Abstract:Recent voice assistants are usually based on the cascade spoken language understanding (SLU) solution, which consists of an automatic speech recognition (ASR) engine and a natural language understanding (NLU) system. Because such approach relies on the ASR output, it often suffers from the so-called ASR error propagation. In this work, we investigate impacts of this ASR error propagation on state-of-the-art NLU systems based on pre-trained language models (PLM), such as BERT and RoBERTa. Moreover, a multimodal language understanding (MLU) module is proposed to mitigate SLU performance degradation caused by errors present in the ASR transcript. The MLU benefits from self-supervised features learned from both audio and text modalities, specifically Wav2Vec for speech and Bert/RoBERTa for language. Our MLU combines an encoder network to embed the audio signal and a text encoder to process text transcripts followed by a late fusion layer to fuse audio and text logits. We found that the proposed MLU showed to be robust towards poor quality ASR transcripts, while the performance of BERT and RoBERTa are severely compromised. Our model is evaluated on five tasks from three SLU datasets and robustness is tested using ASR transcripts from three ASR engines. Results show that the proposed approach effectively mitigates the ASR error propagation problem, surpassing the PLM models' performance across all datasets for the academic ASR engine.

What problem does this paper attempt to address?

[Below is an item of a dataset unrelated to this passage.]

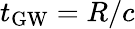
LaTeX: t_{\mathrm{GW}}=R/c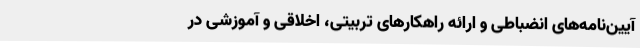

The problem that this paper attempts to solve is the impact of automatic speech recognition (ASR) error propagation in traditional speech understanding systems on natural language understanding (NLU) performance. Specifically, the paper points out that current voice assistants are usually based on cascaded spoken language understanding (SLU) solutions, which consist of an automatic speech recognition (ASR) engine and a natural language understanding (NLU) system. Since this solution depends on the output of ASR, it often suffers from the so - called ASR error propagation problem, which can seriously affect the performance of the NLU system. To alleviate this problem, the paper proposes a multimodal language understanding (MLU) module, which combines features self - supervised learned from audio and text modalities, especially using Wav2Vec to process speech and BERT or RoBERTa to process language. The MLU module embeds audio signals through an encoding network and processes text transcripts through a text encoder, and then fuses the logits of audio and text through a late - fusion layer. Experimental results show that the proposed MLU model exhibits strong robustness in the face of low - quality ASR transcripts, while the performance of BERT and RoBERTa is severely impaired. The model was evaluated on five tasks in three SLU datasets, and the results show that this method effectively alleviates the ASR error propagation problem and outperforms the performance of pre - trained language model (PLM) models on ASR transcripts generated by academic ASR engines.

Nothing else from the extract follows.